4. Eu égard au motif d’annulation énoncé ci-dessus, le présent jugement implique nécessairement la délivrance à Mme A d’un titre de séjour l’autorisant à travailler, sous réserve d’un changement substantiel dans la situation de droit ou de fait de l’intéressée. Par suite, il y a lieu d’enjoindre au préfet de la Seine-Maritime, ou au préfet compétent au regard du lieu de résidence actuel de la requérante, de procéder à cette délivrance dans un délai de trois mois à compter de la notification du présent jugement. Il n’y a pas lieu, dans les circonstances de l’espèce, d’assortir cette injonction d’une astreinte.

5. D’une part, Mme A n’allègue pas avoir exposé de frais autres que ceux pris en charge par l’Etat au titre de l’aide juridictionnelle totale qui lui a été allouée. D’autre part, l’avocate de Mme A n’a pas demandé que lui soit versée par l’Etat la somme correspondant aux frais exposés qu’elle aurait réclamée à sa cliente si cette dernière n’avait bénéficié d’une aide juridictionnelle totale.

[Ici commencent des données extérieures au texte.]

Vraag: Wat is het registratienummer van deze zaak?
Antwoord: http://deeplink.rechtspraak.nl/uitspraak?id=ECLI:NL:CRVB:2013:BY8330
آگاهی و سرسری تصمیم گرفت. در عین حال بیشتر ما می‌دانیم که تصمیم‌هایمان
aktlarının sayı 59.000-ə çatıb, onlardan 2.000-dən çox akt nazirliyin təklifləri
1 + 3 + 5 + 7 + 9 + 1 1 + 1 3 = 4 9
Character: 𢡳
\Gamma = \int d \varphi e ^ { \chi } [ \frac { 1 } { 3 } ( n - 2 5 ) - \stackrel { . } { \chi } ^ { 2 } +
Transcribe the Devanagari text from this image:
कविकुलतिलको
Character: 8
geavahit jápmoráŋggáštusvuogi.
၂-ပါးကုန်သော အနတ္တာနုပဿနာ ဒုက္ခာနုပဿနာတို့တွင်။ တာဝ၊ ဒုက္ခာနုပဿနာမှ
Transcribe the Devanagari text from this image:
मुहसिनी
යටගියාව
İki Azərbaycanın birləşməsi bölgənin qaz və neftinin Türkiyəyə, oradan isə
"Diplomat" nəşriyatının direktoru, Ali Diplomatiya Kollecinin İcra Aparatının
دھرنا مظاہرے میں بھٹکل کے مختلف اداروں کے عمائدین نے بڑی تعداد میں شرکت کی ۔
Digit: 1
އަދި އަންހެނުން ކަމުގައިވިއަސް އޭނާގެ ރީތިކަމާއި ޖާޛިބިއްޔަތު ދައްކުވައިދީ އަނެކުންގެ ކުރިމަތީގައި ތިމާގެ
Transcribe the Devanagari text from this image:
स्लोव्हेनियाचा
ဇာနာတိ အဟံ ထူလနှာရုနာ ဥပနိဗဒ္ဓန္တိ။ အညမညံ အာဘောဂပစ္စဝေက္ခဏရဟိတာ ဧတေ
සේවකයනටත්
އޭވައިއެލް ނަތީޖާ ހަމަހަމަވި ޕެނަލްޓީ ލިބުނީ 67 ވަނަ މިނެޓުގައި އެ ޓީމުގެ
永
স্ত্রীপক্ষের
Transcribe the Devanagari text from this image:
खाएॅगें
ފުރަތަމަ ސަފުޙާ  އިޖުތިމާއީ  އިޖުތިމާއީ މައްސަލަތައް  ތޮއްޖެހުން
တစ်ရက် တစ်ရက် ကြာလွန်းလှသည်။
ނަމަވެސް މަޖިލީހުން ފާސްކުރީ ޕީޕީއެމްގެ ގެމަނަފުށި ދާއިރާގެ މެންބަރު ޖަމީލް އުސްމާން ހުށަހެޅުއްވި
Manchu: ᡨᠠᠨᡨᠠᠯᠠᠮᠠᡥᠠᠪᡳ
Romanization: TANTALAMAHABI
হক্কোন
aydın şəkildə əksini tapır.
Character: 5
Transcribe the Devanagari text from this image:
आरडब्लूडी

Dans ces conditions, les conclusions de la requête tendant au bénéfice des dispositions de l’article L. 761-1 du code de justice administrative doivent être rejetées.

D E C I D E :

Article 1er:L’arrêté du 4 octobre 2022 par lequel le préfet de la Seine-Maritime a rejeté la demande de titre de séjour de Mme A, lui a fait obligation de quitter le territoire français sous trente jours et a fixé le pays de renvoi est annulé dans toutes ses dispositions.

Article 2:Il est enjoint au préfet de la Seine-Maritime, ou au préfet compétent au regard du lieu de résidence actuel de la requérante, de délivrer à Mme A un titre de séjour l’autorisant à travailler dans un délai de trois mois à compter de la notification du présent jugement.

Article 3:Les conclusions de la requête sont rejetées pour le surplus.

Article 4:Le présent jugement sera notifié à Mme B A, à Me Shahabuddin, et au préfet de la Seine-Maritime.

En application de l’article R. 751-10 du code de justice administrative, copie en sera adressée au procureur de la République près le tribunal judiciaire de Dieppe.

Délibéré après l’audience du 9 mars 2023, à laquelle siégeaient :

Mme Gaillard, présidente,

MM. Leduc et Mulot, premiers conseillers,

Assistés de M. Tostivint, greffier.

Rendu public par mise à disposition au greffe le 30 mars 2023.

Le rapporteur,

Robin Mulot

La présidente,

Anne Gaillard

Le greffier,

Henry Tostivint

La République mande et ordonne au préfet de la région Normandie, préfet de la Seine-Maritime en ce qui le concerne et à tous commissaires de justice à ce requis en ce qui concerne les voies de droit commun contre les parties privées, de pourvoir à l’exécution de la présente décision.